Let $X$ be a discrete random variable with the shifted geometric distribution with parameter $p$.


Then the variance of $X$ is given by:

$\var X = \dfrac {1 - p} {p^2}$


Proof 1

From the definition of Variance as Expectation of Square minus Square of Expectation:

$\var X = \expect {X^2} - \paren {\expect X}^2$

From Expectation of Function of Discrete Random Variable:

$\displaystyle \expect {X^2} = \sum_{x \mathop \in \Img X} x^2 \, \map \Pr {X = x}$


To simplify the algebra a bit, let $q = 1 - p$, so $p + q = 1$.


Thus:

\(\ds \expect {X^2}\) \(=\) \(\ds \sum_{k \mathop \ge 0} k^2 p q^{k - 1}\) Definition of Shifted Geometric Distribution, with $p + q = 1$
\(\ds \) \(=\) \(\ds \sum_{k \mathop \ge 1} k^2 p q^{k - 1}\) The term in $k=0$ is zero, so we change the limits
\(\ds \) \(=\) \(\ds \sum_{k \mathop \ge 1} k \paren {k + 1} p q^{k - 1} - \sum_{k \mathop \ge 1} k p q^{k - 1}\) splitting sum up into two
\(\ds \) \(=\) \(\ds \sum_{k \mathop \ge 1} k \paren {k + 1} p q^{k - 1} - \frac 1 p\) Second term is Expectation of Shifted Geometric Distribution
\(\ds \) \(=\) \(\ds p \frac 2 {\paren {1 - q}^3} - \frac 1 p\) Derivative of Geometric Sequence: Corollary
\(\ds \) \(=\) \(\ds \frac 2 {p^2} - \frac 1 p\) putting $p = 1 - q$ back in and simplifying


Then:

\(\ds \var X\) \(=\) \(\ds \expect {X^2} - \paren {\expect X}^2\)
\(\ds \) \(=\) \(\ds \frac 2 {p^2} - \frac 1 p - \frac 1 {p^2}\) Expectation of Shifted Geometric Distribution: $\expect X = \dfrac 1 p$
\(\ds \) \(=\) \(\ds \frac 1 {p^2} - \frac 1 p\)
\(\ds \) \(=\) \(\ds \frac {1 - p} {p^2}\)

$\blacksquare$


Proof 2

From Variance of Discrete Random Variable from PGF, we have:

$\var X = \map {\Pi''_X} 1 + \mu - \mu^2$

where $\mu = \expect X$ is the expectation of $X$.

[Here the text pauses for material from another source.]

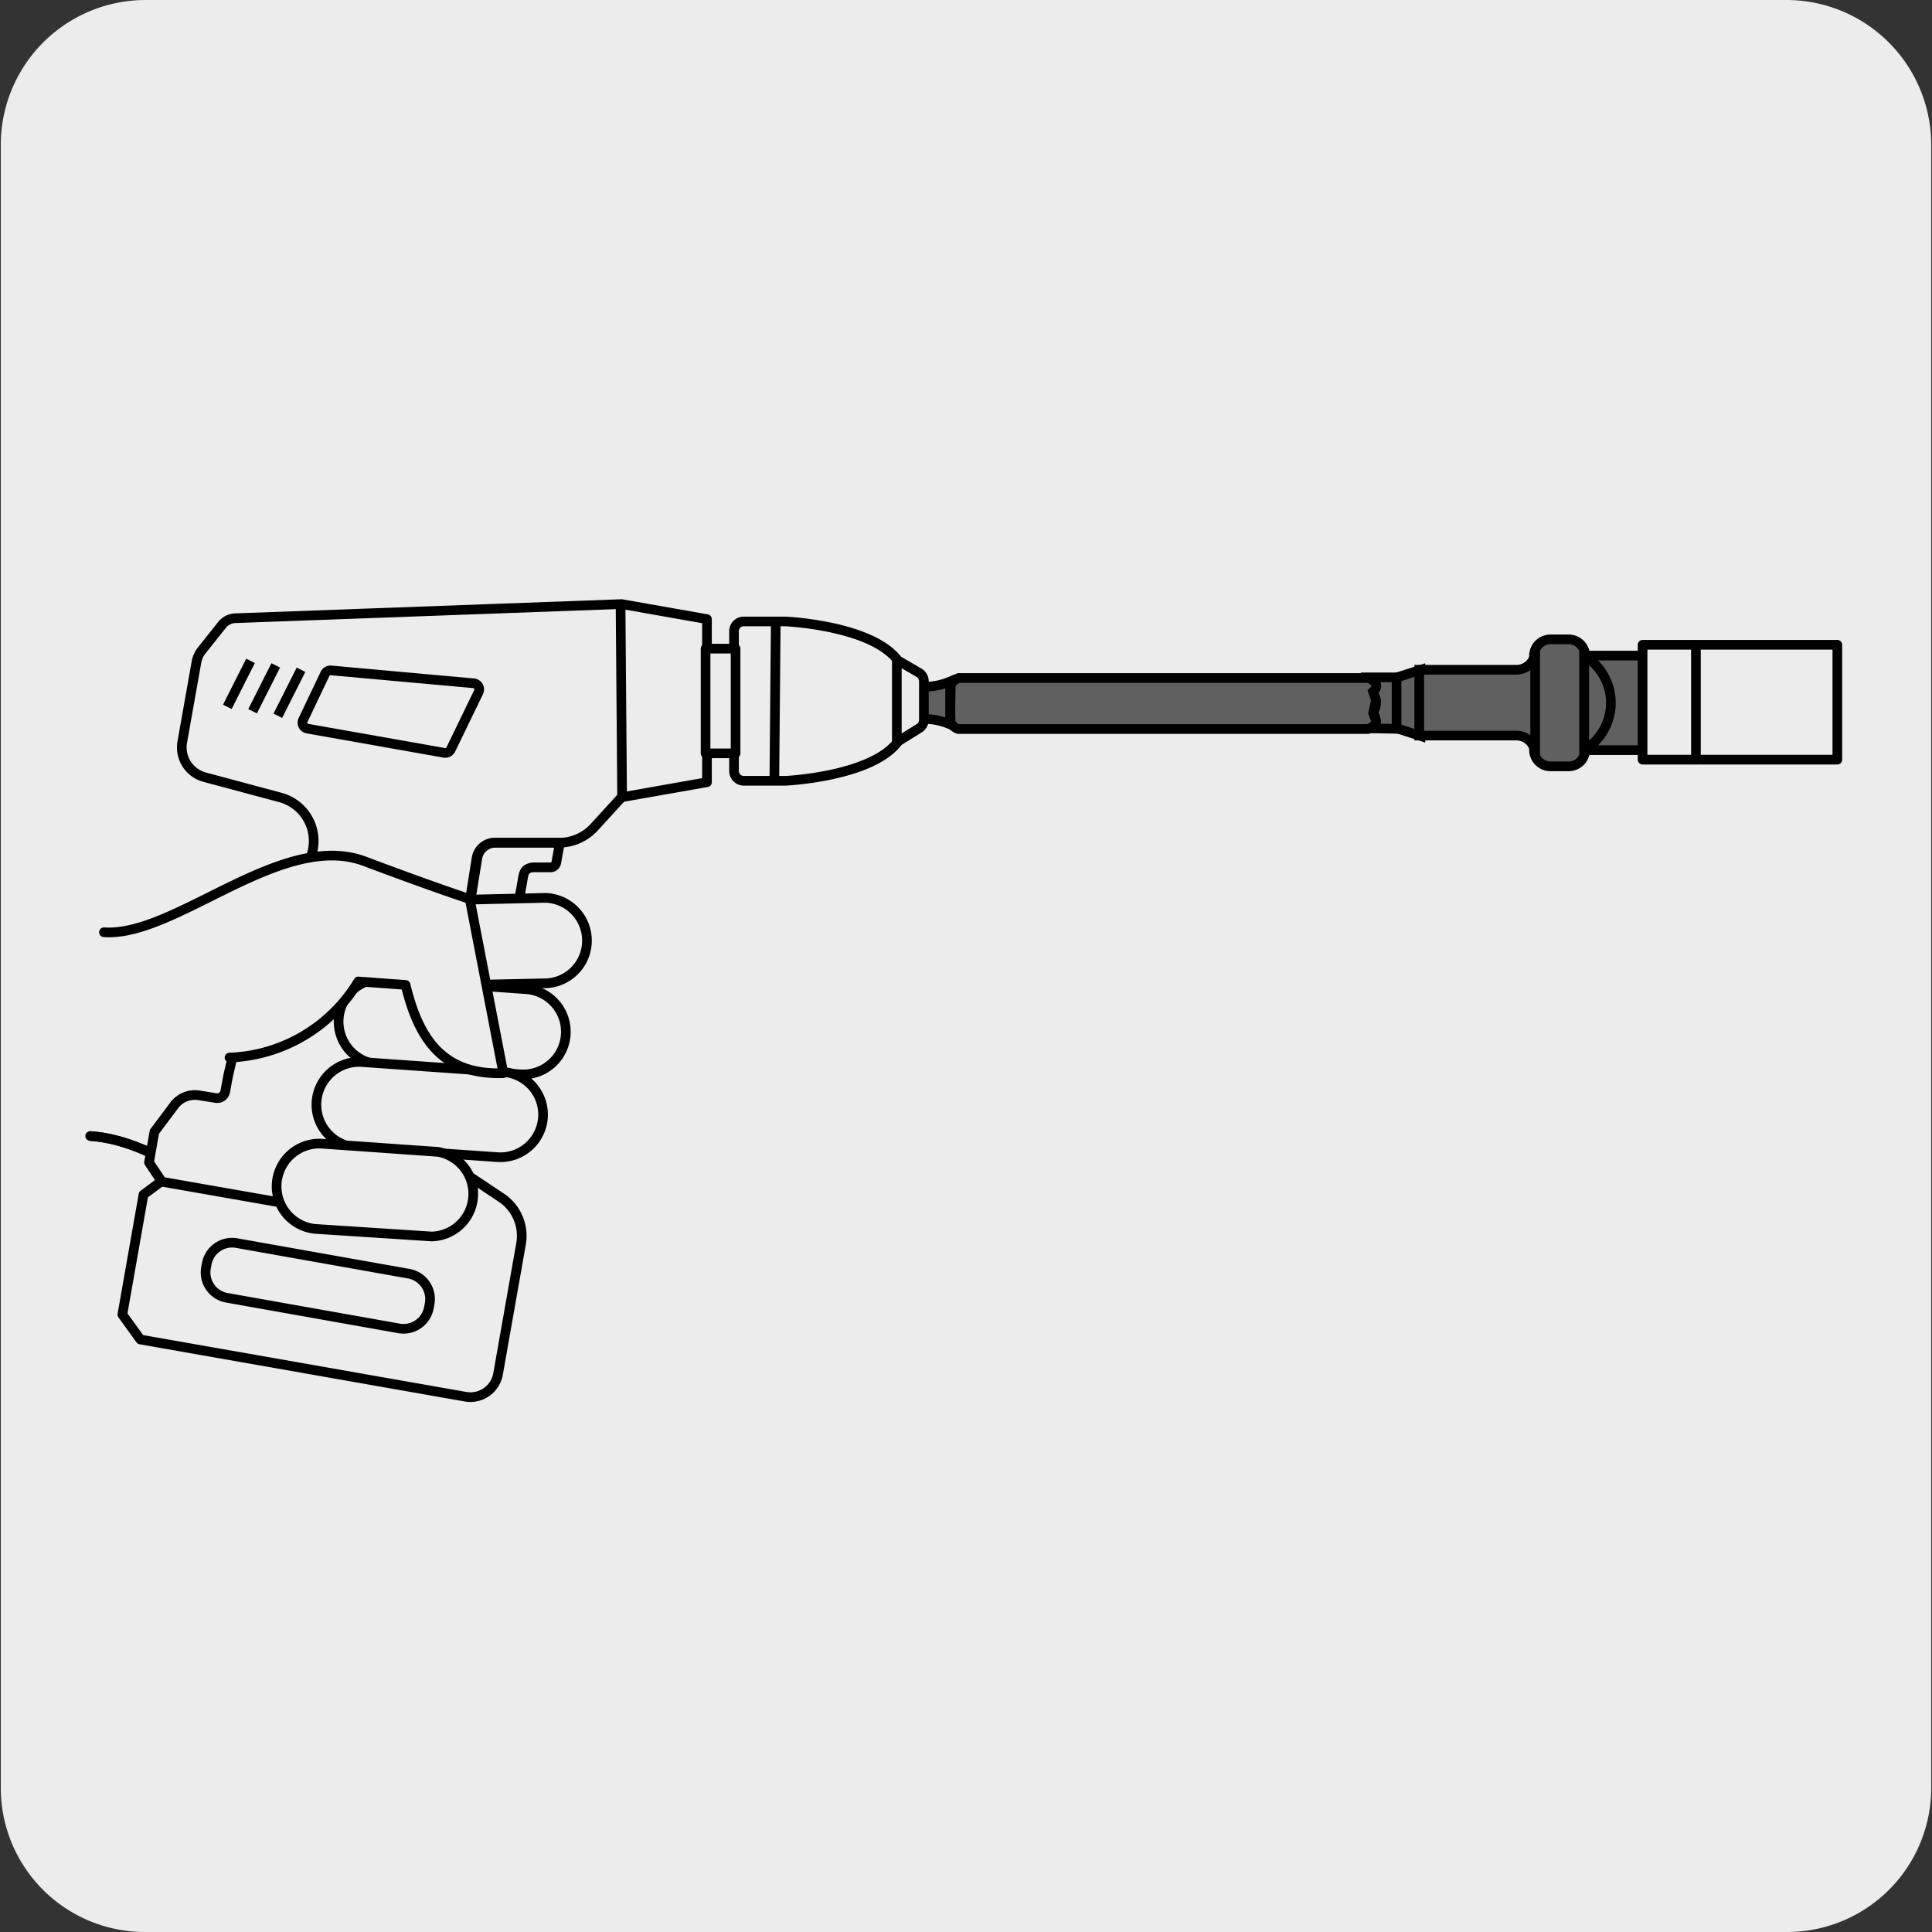 <svg xmlns="http://www.w3.org/2000/svg" viewBox="0 0 150 150"><rect x="0" y="0" width="150" height="150" fill="#333333" stroke="none"/><defs><style>.cls-1,.cls-5{fill:#edecec;}.cls-2{fill:#606060;}.cls-2,.cls-3,.cls-4,.cls-5,.cls-6,.cls-7{stroke:#000;stroke-width:0.75px;}.cls-2,.cls-3,.cls-6,.cls-7{stroke-miterlimit:10;}.cls-3{fill:#d9d9d9;}.cls-4,.cls-7{fill:none;}.cls-4,.cls-5{stroke-linecap:round;stroke-linejoin:round;}.cls-6{fill:#fff;}</style></defs><title>19599-03</title><g id="Capa_2" data-name="Capa 2"><path class="cls-1" d="M11.31,0H138.65a11.25,11.25,0,0,1,11.29,11.22V138.79A11.19,11.19,0,0,1,138.75,150H11.25A11.19,11.19,0,0,1,.06,138.79h0V11.26A11.25,11.25,0,0,1,11.31,0Z"/></g><g id="Capa_3" data-name="Capa 3"><path class="cls-2" d="M106.56,56.55a.81.81,0,0,0,0-1.18,1.29,1.29,0,0,0,0-1.59.83.83,0,0,0,0-1.19h2v4Z"/><polygon class="cls-2" points="108.43 56.54 108.43 52.6 110.28 52.01 110.28 57.14 108.43 56.54"/><path class="cls-2" d="M123.07,58.23V50.91a1.28,1.28,0,0,0-1.29-1.27H120.4a1.28,1.28,0,0,0-1.3,1.27v7.32a1.28,1.28,0,0,0,1.3,1.27h1.38A1.28,1.28,0,0,0,123.07,58.23Z"/><path class="cls-2" d="M110.19,52h7.54a1.45,1.45,0,0,0,1.46-1.44v8a1.45,1.45,0,0,0-1.46-1.45h-7.54Z"/><path class="cls-2" d="M132.11,50.9H123v7.34h9.12a.78.78,0,0,0,.74-.52,10.28,10.28,0,0,0,.49-3.15,10.17,10.17,0,0,0-.49-3.14A.77.77,0,0,0,132.11,50.9Z"/><path class="cls-3" d="M131.12,54.57a1.73,1.73,0,1,1-1.73-1.72,1.73,1.73,0,0,1,1.73,1.72"/><path class="cls-4" d="M131.12,54.57a1.73,1.73,0,1,1-1.73-1.72A1.73,1.73,0,0,1,131.12,54.57Z"/><path class="cls-2" d="M125.07,54.57A4.3,4.3,0,0,0,123,50.91v7.33A4.32,4.32,0,0,0,125.07,54.57Z"/><path class="cls-2" d="M69.7,56.24a5.14,5.14,0,0,1,4.07,0V52.91a5.23,5.23,0,0,1-4.07,0Z"/><path class="cls-3" d="M69.61,52.58H66a.9.9,0,0,0,0,1.24h3.61a.91.91,0,0,0,0-1.24Z"/><path class="cls-4" d="M69.61,52.58H66a.9.9,0,0,0,0,1.24h3.61a.91.91,0,0,0,0-1.24Z"/><path class="cls-3" d="M66,56.56h3.61a.9.9,0,0,0,0-1.24H66a.91.91,0,0,0,0,1.24Z"/><path class="cls-4" d="M66,56.56h3.61a.9.9,0,0,0,0-1.24H66a.91.91,0,0,0,0,1.24Z"/><path class="cls-3" d="M66,53.76h0a1.4,1.4,0,0,0,0,1.63h3.61a1.4,1.4,0,0,0,0-1.63Z"/><path class="cls-4" d="M66,53.76h0a1.4,1.4,0,0,0,0,1.63h3.61a1.4,1.4,0,0,0,0-1.63Z"/><path class="cls-3" d="M66.07,56.55a.81.81,0,0,1,0-1.18,1.28,1.28,0,0,1,0-1.59.81.81,0,0,1,0-1.19l-1.38.51V56Z"/><path class="cls-4" d="M66.07,56a.79.79,0,0,1,0-1,1.24,1.24,0,0,1,0-1.38.79.79,0,0,1,0-1L65,53V55.6Z"/><path class="cls-2" d="M106.61,55.36l.22-1-.22-.66a.83.83,0,0,0,.25-.38c0-.25-.17-.49-.62-.68H74.43c-.36.16-.56.35-.61.54,0,0-.07,2.66,0,2.92a1,1,0,0,0,.58.5h31.82c.41-.17.62-.39.62-.62Z"/><rect class="cls-5" x="127.53" y="50.06" width="15.12" height="8.92"/><line class="cls-4" x1="131.67" y1="50.06" x2="131.67" y2="58.98"/><path class="cls-6" d="M22.84,93.57l-2.54-.18C16.44,93.13,12.44,88.58,7,88.2"/><path class="cls-4" d="M22.84,93.57l-2.54-.18C16.44,93.13,12.44,88.58,7,88.2"/><path class="cls-5" d="M9.5,102.06,10.9,104l25.24,4.44a2.18,2.18,0,0,0,2.53-1.77l1.78-10.08A3.56,3.56,0,0,0,38.94,93l-3-2-3.22,4.2L12.59,91.67l-1.45,1.08Z"/><path class="cls-5" d="M17.61,100.76,31,103.14a2,2,0,0,0,2.3-1.62l.06-.32a2,2,0,0,0-1.62-2.31L18.35,96.51a2,2,0,0,0-2.3,1.62l-.06.32A2,2,0,0,0,17.61,100.76Z"/><path class="cls-5" d="M69.74,57.55c-2,2.76-8.74,3.07-8.74,3.07H57.75a.76.76,0,0,1-.76-.76V49a.75.75,0,0,1,.76-.75H61s6.74.3,8.74,3.07Z"/><path class="cls-5" d="M69.63,57.62V51.23l1.72,1a.78.78,0,0,1,.38.66v3a.78.78,0,0,1-.38.66Z"/><line class="cls-7" x1="60.12" y1="60.56" x2="60.23" y2="48.29"/><path class="cls-5" d="M54.89,48.07,48.26,46.9,18.22,48a1.37,1.37,0,0,0-1,.54L15.66,50.5a2.07,2.07,0,0,0-.41.92l-1.1,6.2a2.39,2.39,0,0,0,1.74,2.72l5.86,1.57a3.5,3.5,0,0,1,2.21,5,64.36,64.36,0,0,0-6.25,16.63l-.22,1.19a.63.63,0,0,1-.73.52l-1.27-.2a2,2,0,0,0-2,.82l-1.5,2-.42,2.38,1,1.5,20.13,3.53,3.22-4.18-5.25-3.52c-1-.74-1.28-1.42-.93-2.31l.3-.77c.86-2.19,1.61-4.42,2.27-6.68l.79-2.76A1.74,1.74,0,0,1,34,74l1.19-.6a1.82,1.82,0,0,0,1-1.36l.87-5.42a1.43,1.43,0,0,1,1.39-1.19l5,0a3.71,3.71,0,0,0,2.69-1.21l2.12-2.32,6.63-1.17Z"/><path class="cls-7" d="M38.63,72.55l-2.5-.43L37,66.63a1.44,1.44,0,0,1,1.41-1.21l5.06,0-.28,1.55a.45.45,0,0,1-.49.37l-1.31,0c-.75.08-.73.52-.85,1.19l-.54,3A1.2,1.2,0,0,1,38.63,72.55Z"/><path class="cls-5" d="M37.17,53.71,35,58.19a.48.48,0,0,1-.51.26L23.87,56.57a.47.47,0,0,1-.34-.67l1.71-3.59a.47.47,0,0,1,.46-.26l11.08,1A.48.48,0,0,1,37.17,53.71Z"/><line class="cls-7" x1="21.57" y1="55.57" x2="23.37" y2="52"/><line class="cls-7" x1="19.61" y1="55.22" x2="21.41" y2="51.66"/><line class="cls-7" x1="17.65" y1="54.88" x2="19.45" y2="51.31"/><rect class="cls-5" x="54.78" y="50.36" width="2.33" height="8.13"/><line class="cls-7" x1="48.18" y1="46.96" x2="48.3" y2="61.82"/><path class="cls-5" d="M42.49,76.34a3.32,3.32,0,0,0-.14-6.63L29.88,70A3.32,3.32,0,0,0,30,76.61Z"/><path class="cls-5" d="M40.39,83.41a3.31,3.31,0,0,0,.46-6.61L29.71,76a3.32,3.32,0,0,0-.45,6.62Z"/><path class="cls-5" d="M38.62,89.84a3.31,3.31,0,0,0,.46-6.61L28,82.45a3.32,3.32,0,0,0-.46,6.62Z"/><path class="cls-5" d="M17.82,82.11a12.2,12.2,0,0,0,10-5.91l3.67.27c1.06,4.42,3.05,7,7.59,6.85L36.47,69.8s-2.66-.86-8.16-2.93c-6.47-2.42-14.7,5.9-20.24,5.51"/><path class="cls-5" d="M33.52,96A3.31,3.31,0,0,0,34,89.43l-9.09-.64a3.32,3.32,0,0,0-.46,6.62Z"/></g></svg>

From the Probability Generating Function of Shifted Geometric Distribution, we have:

$\map {\Pi_X} s = \dfrac {p s} {1 - q s}$

where $q = 1 - p$.


From Expectation of Shifted Geometric Distribution, we have:

$\mu = \dfrac 1 p$


From Derivatives of PGF of Shifted Geometric Distribution, we have:

$\map {\Pi''_X} s = \dfrac {p q} {\paren {1 - q s}^3}$


Putting $s = 1$ using the formula $\map {\Pi''_X} 1 + \mu - \mu^2$:

$\var X = \dfrac {p q} {\paren {1 - q}^3} + \dfrac 1 p - \paren {\dfrac 1 p}^2$

and hence the result, after some algebra.

$\blacksquare$